On the map, Nanyuki is the nearest town to where I’m heading – deep into Northern Kenya. It doesn’t look that far on the map, of course. In Africa, everywhere is far. We toil and bump, rattle and roll onwards away from the capital and, at last, start to make progress on roads which vary in quality from really very good to nothing but boulders. I am exhausted, and the warmth of the sun gleaming through the windows sends me nodding. But every few miles in Kenya there are unannounced bumps in the road, designed to stop the unwary speeder. They undoubtedly must work – flying over one of these at speed would seriously wreck the suspension. But one can’t help but feel they are designed to trap, rather than educate. Even my driver, who presumably has negotiated this trip many times, seems to have no idea when one is coming along and I am gently dozing dozens of times before he suddenly slams on the break to negotiate the next bump and I am jerked awake once more, expecting each time a near collision before realising it’s another road hump and drifting wearily into nodding again.

Dear Reader, I am in that taxi for six hours. Six hours! We stop briefly for a much-needed stretch, coffee and bite to eat, and the sun is deliciously warm after the cold, dark, dreary Winter of England.

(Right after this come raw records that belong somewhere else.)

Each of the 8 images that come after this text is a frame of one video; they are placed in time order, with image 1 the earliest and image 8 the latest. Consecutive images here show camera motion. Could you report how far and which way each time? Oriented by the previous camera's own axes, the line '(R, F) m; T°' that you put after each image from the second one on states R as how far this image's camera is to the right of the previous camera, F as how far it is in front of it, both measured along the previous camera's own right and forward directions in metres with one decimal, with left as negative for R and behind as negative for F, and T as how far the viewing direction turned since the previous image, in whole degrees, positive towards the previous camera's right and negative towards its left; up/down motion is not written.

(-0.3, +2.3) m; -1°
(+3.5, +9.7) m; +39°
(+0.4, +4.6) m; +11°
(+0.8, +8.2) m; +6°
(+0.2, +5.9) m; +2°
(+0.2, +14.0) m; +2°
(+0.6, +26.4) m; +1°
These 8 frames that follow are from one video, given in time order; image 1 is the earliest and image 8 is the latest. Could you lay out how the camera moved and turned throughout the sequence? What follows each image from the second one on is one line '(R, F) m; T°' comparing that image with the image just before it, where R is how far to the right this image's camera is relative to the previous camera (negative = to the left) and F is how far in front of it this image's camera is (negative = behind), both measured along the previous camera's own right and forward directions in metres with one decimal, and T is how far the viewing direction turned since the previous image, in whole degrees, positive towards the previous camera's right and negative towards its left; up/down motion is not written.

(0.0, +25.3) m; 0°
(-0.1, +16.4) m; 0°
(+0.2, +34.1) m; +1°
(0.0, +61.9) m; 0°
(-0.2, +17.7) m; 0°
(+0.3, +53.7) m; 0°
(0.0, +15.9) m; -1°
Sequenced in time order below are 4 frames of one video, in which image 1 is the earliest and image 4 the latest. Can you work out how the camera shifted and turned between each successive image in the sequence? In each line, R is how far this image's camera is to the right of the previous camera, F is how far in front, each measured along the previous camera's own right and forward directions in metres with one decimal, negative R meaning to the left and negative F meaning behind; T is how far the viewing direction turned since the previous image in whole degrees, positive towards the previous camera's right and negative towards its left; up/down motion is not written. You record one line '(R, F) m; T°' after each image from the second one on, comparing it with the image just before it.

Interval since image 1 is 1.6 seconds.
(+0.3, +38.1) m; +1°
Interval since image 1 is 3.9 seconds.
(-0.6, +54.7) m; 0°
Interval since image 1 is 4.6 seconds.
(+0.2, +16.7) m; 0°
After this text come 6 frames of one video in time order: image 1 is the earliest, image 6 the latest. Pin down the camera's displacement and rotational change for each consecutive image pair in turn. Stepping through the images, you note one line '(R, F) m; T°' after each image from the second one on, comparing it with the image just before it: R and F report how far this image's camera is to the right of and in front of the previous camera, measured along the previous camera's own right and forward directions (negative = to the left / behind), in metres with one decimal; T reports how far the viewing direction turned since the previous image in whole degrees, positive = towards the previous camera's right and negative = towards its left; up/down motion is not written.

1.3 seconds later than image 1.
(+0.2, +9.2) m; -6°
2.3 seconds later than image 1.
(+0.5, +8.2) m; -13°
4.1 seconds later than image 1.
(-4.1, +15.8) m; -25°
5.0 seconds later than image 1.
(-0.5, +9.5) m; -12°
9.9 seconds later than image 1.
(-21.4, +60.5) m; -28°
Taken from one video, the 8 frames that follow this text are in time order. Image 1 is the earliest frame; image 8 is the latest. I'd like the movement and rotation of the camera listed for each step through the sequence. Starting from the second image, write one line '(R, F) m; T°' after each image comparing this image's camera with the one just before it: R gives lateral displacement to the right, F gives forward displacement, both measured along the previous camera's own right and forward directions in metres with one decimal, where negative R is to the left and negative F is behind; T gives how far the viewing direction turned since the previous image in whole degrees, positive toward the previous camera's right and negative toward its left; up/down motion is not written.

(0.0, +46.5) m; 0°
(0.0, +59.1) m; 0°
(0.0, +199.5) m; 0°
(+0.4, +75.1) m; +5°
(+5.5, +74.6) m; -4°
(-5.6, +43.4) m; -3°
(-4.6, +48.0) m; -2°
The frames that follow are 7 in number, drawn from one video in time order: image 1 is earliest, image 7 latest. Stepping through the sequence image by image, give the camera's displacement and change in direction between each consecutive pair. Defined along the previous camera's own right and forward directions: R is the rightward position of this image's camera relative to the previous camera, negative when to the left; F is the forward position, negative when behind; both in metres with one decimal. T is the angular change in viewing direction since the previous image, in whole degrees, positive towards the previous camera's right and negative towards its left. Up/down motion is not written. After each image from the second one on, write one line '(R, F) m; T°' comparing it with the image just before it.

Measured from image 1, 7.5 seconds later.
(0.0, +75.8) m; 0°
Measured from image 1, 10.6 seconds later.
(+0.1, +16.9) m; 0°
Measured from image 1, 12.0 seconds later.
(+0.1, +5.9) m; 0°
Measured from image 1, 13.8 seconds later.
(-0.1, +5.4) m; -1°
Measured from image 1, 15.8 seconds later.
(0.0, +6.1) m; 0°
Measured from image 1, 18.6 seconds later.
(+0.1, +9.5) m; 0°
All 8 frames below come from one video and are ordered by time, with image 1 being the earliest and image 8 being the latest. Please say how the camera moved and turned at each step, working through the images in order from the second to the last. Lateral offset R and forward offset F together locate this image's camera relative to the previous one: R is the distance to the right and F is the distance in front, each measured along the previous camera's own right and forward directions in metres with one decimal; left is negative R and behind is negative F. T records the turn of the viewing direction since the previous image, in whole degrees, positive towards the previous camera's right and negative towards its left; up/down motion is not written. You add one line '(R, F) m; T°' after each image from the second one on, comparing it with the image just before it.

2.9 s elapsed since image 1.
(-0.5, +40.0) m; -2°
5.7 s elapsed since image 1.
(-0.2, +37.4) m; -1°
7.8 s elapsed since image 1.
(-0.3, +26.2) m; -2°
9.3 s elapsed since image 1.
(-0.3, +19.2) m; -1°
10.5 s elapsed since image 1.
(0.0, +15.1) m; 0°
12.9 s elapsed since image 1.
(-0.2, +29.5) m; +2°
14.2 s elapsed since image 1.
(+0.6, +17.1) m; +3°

Colourful flowers nod in the breeze, attended by bees, and exotic birds swoop and call in the cobalt blue sky above. Despite my tiredness, I am thrilled to be here. I can feel the knots in my muscles unwinding as the glorious equatorial sun does its thing.

Eventually, after a 20-minute drive which is the most bone jarring yet, we arrive at a vast fence line and the car gratefully stops outside the guardhouse. This is the Lolldaiga Conservancy – a vast 80,000-acre working cattle ranch stuffed to the gills with animals, birds and plants.

I am in big game country.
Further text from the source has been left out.